• _EXERCISE DETAILS_:
I need the records below restated word for word, without their pictures.

• _DATASET CONTENT_:
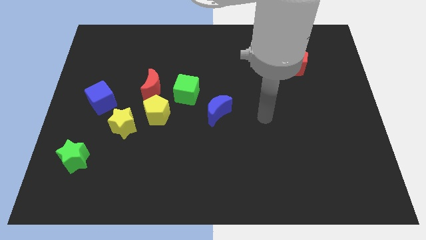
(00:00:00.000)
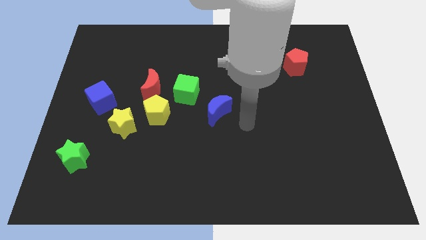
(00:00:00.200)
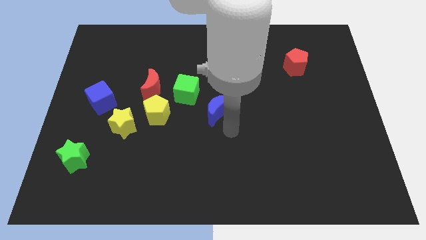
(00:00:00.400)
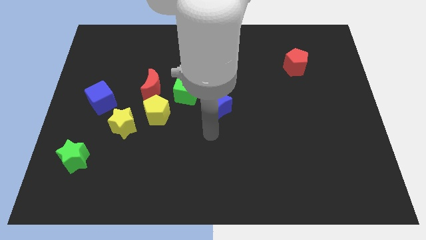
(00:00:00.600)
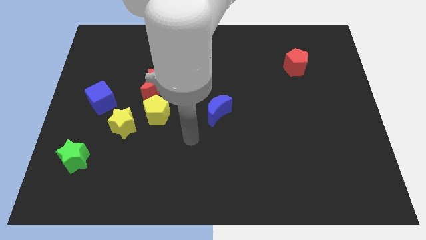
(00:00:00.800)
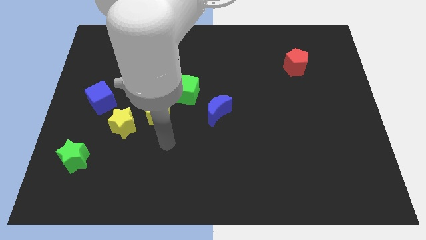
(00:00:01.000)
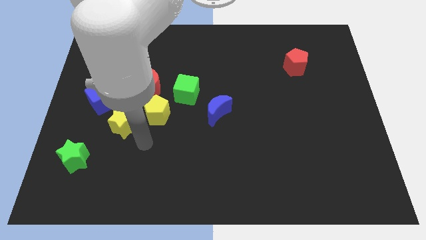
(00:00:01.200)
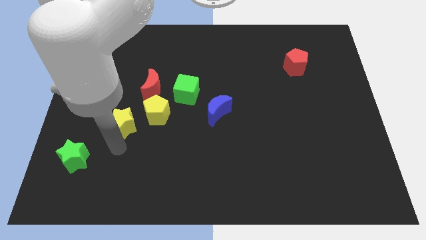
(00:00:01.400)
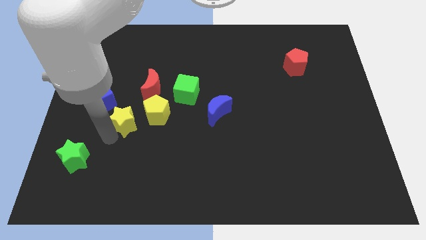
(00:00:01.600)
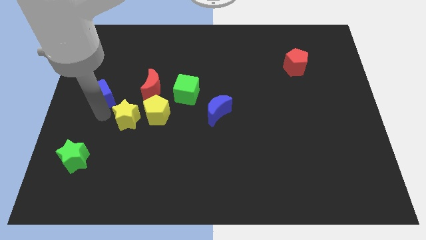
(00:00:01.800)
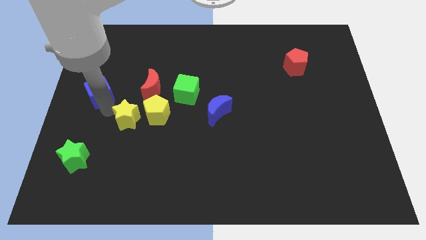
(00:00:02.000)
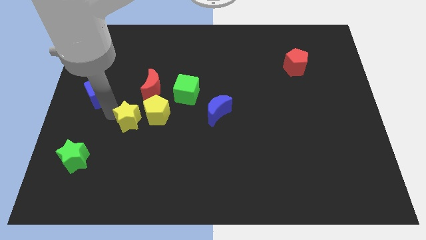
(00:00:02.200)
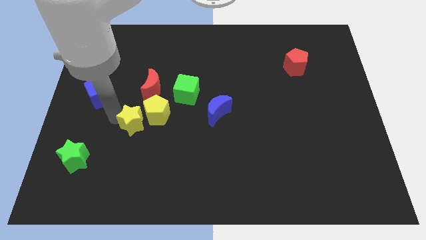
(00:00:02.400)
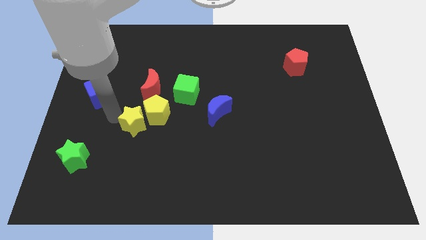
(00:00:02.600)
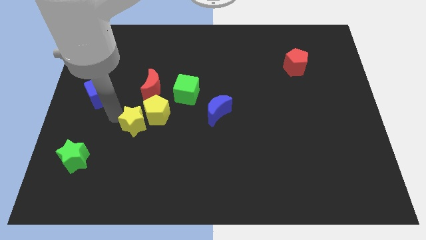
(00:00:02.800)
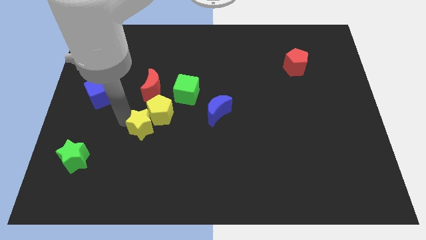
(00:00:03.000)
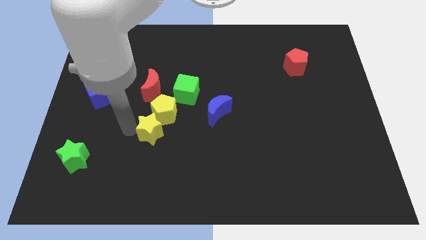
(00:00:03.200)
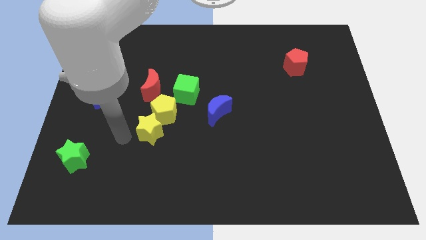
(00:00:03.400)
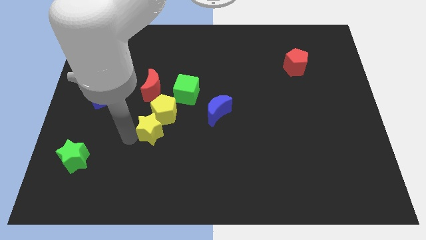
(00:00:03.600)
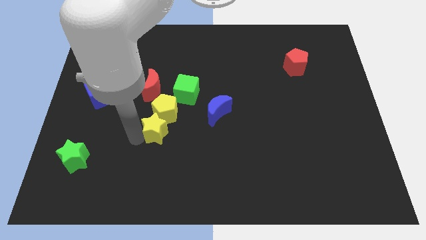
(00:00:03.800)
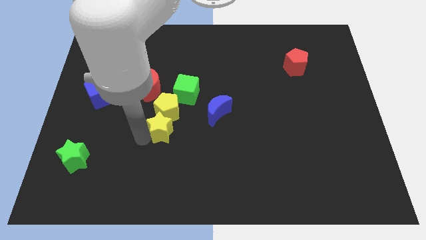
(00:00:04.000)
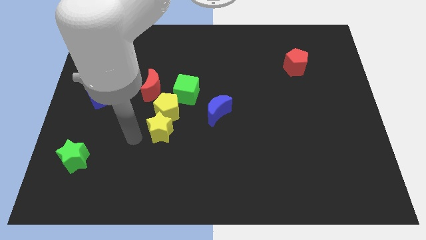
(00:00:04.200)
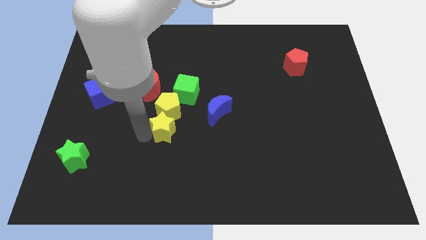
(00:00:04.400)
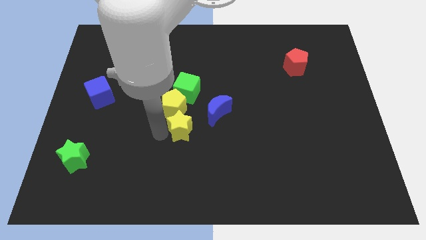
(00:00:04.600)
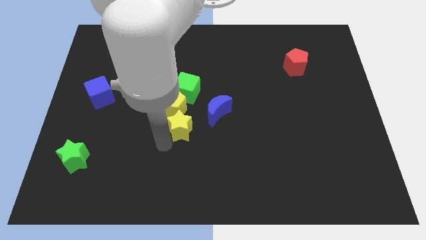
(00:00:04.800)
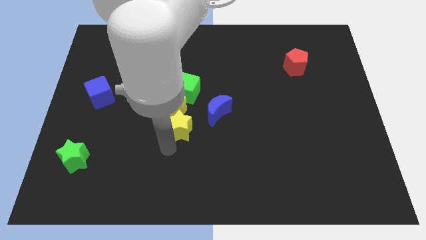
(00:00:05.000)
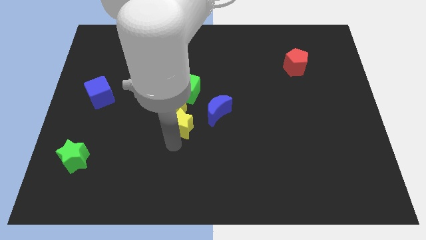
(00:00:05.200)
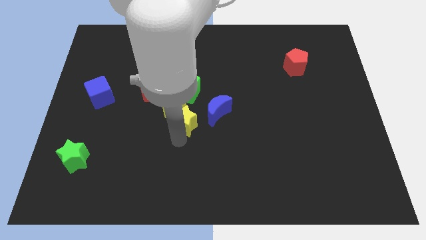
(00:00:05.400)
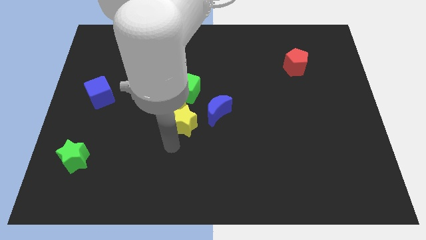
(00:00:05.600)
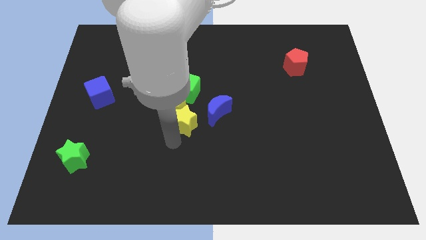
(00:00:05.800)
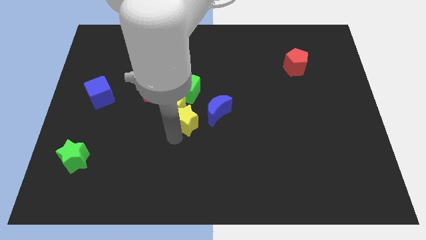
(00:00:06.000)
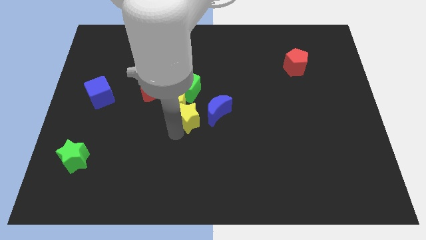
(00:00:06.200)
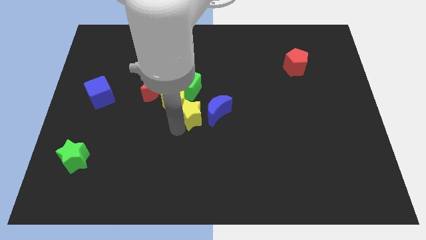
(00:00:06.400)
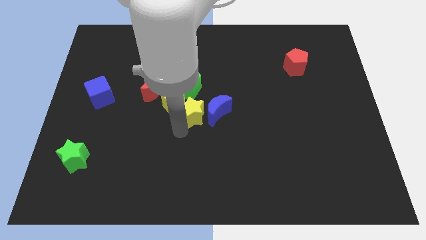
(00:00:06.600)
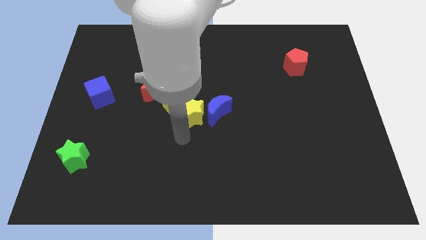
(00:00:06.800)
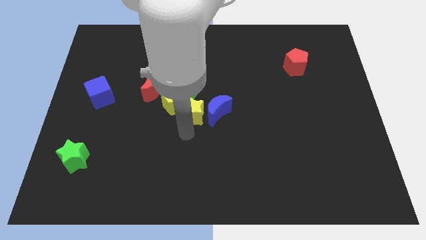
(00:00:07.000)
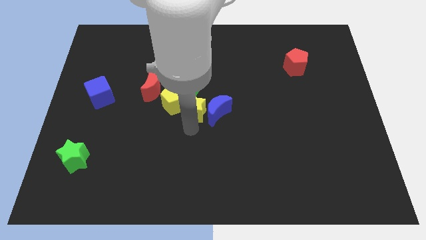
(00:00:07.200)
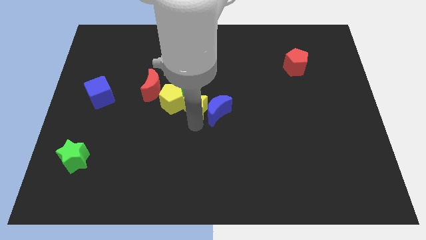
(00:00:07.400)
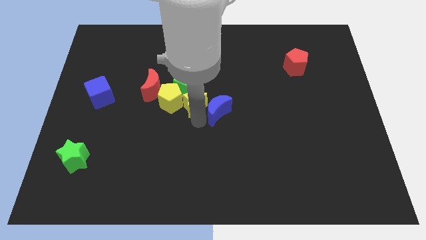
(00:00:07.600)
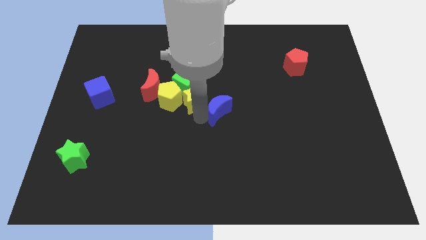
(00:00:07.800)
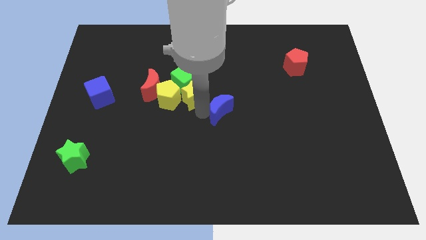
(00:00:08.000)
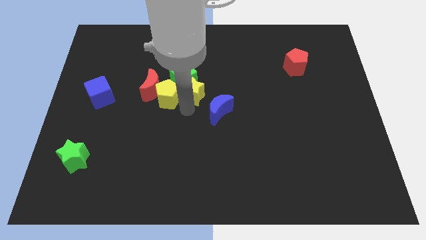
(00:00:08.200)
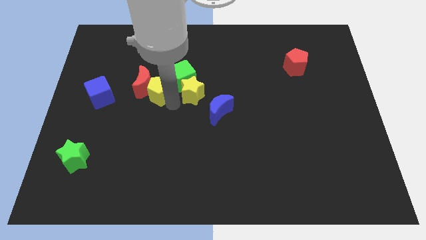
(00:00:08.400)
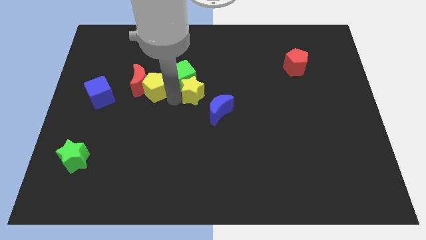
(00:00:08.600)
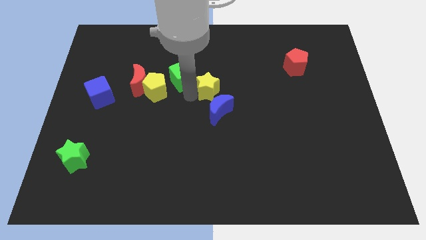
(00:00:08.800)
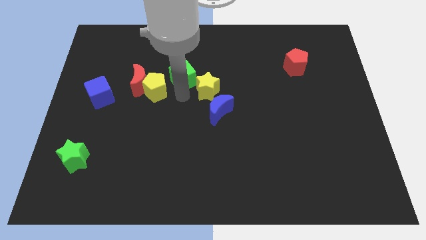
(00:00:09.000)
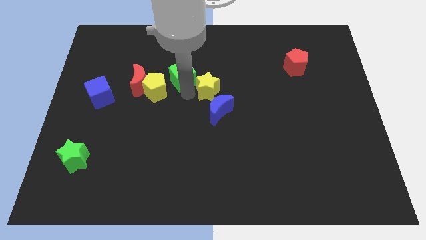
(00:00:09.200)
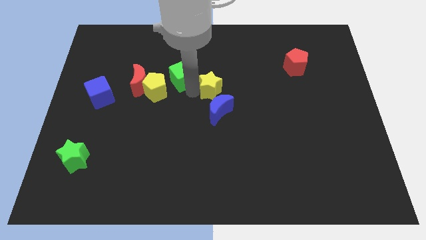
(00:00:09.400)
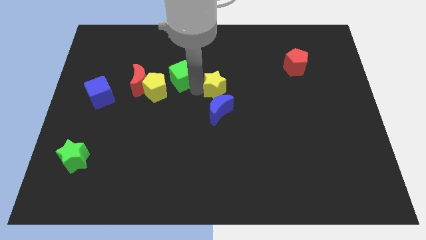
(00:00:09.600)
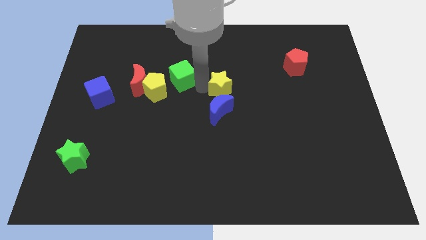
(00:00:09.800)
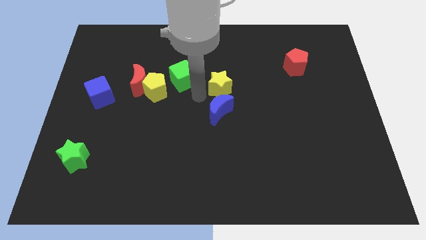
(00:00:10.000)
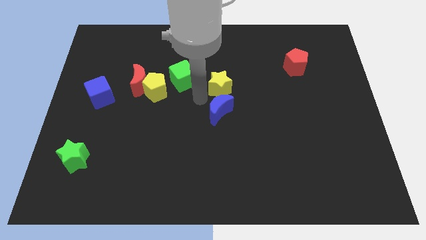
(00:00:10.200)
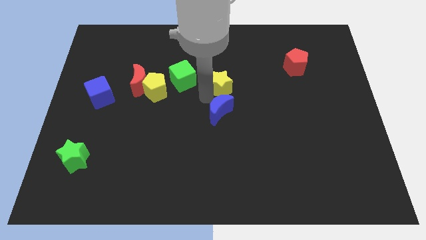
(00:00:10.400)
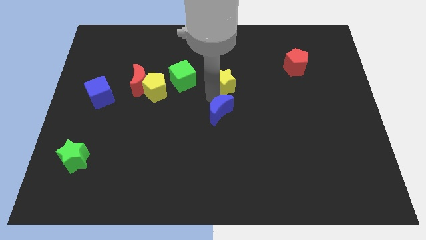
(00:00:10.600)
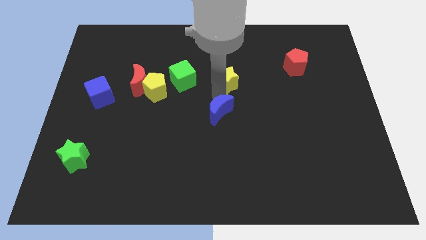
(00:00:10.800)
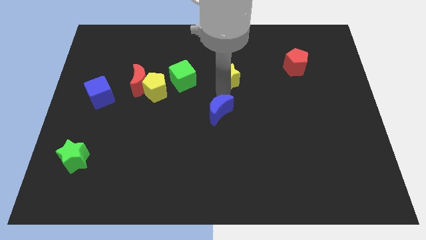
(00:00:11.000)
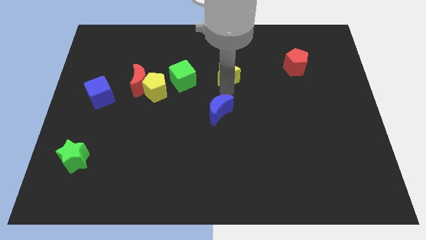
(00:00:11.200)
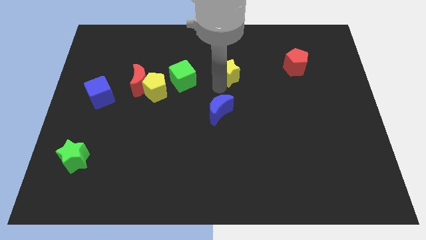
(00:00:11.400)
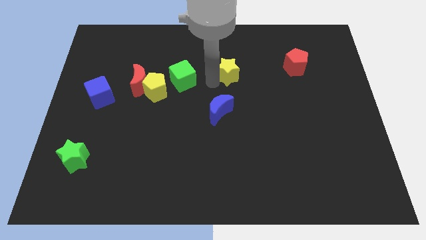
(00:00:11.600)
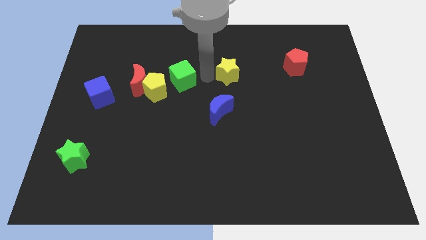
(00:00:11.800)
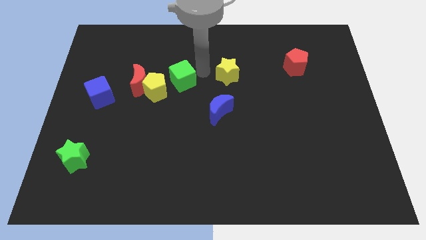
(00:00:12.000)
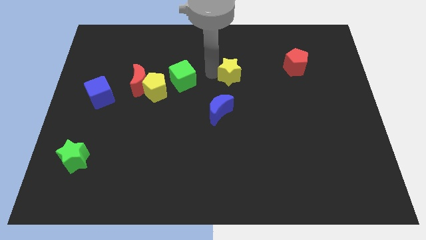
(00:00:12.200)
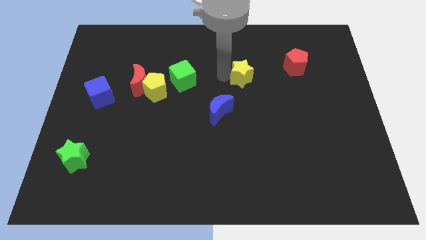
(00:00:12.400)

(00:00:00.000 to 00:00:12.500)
push the yellow star just left of the red pentagon

• _TASK ANSWER_:
(00:00:00.000)
(00:00:00.200)
(00:00:00.400)
(00:00:00.600)
(00:00:00.800)
(00:00:01.000)
(00:00:01.200)
(00:00:01.400)
(00:00:01.600)
(00:00:01.800)
(00:00:02.000)
(00:00:02.200)
(00:00:02.400)
(00:00:02.600)
(00:00:02.800)
(00:00:03.000)
(00:00:03.200)
(00:00:03.400)
(00:00:03.600)
(00:00:03.800)
(00:00:04.000)
(00:00:04.200)
(00:00:04.400)
(00:00:04.600)
(00:00:04.800)
(00:00:05.000)
(00:00:05.200)
(00:00:05.400)
(00:00:05.600)
(00:00:05.800)
(00:00:06.000)
(00:00:06.200)
(00:00:06.400)
(00:00:06.600)
(00:00:06.800)
(00:00:07.000)
(00:00:07.200)
(00:00:07.400)
(00:00:07.600)
(00:00:07.800)
(00:00:08.000)
(00:00:08.200)
(00:00:08.400)
(00:00:08.600)
(00:00:08.800)
(00:00:09.000)
(00:00:09.200)
(00:00:09.400)
(00:00:09.600)
(00:00:09.800)
(00:00:10.000)
(00:00:10.200)
(00:00:10.400)
(00:00:10.600)
(00:00:10.800)
(00:00:11.000)
(00:00:11.200)
(00:00:11.400)
(00:00:11.600)
(00:00:11.800)
(00:00:12.000)
(00:00:12.200)
(00:00:12.400)

(00:00:00.000 to 00:00:12.500)
push the yellow star just left of the red pentagon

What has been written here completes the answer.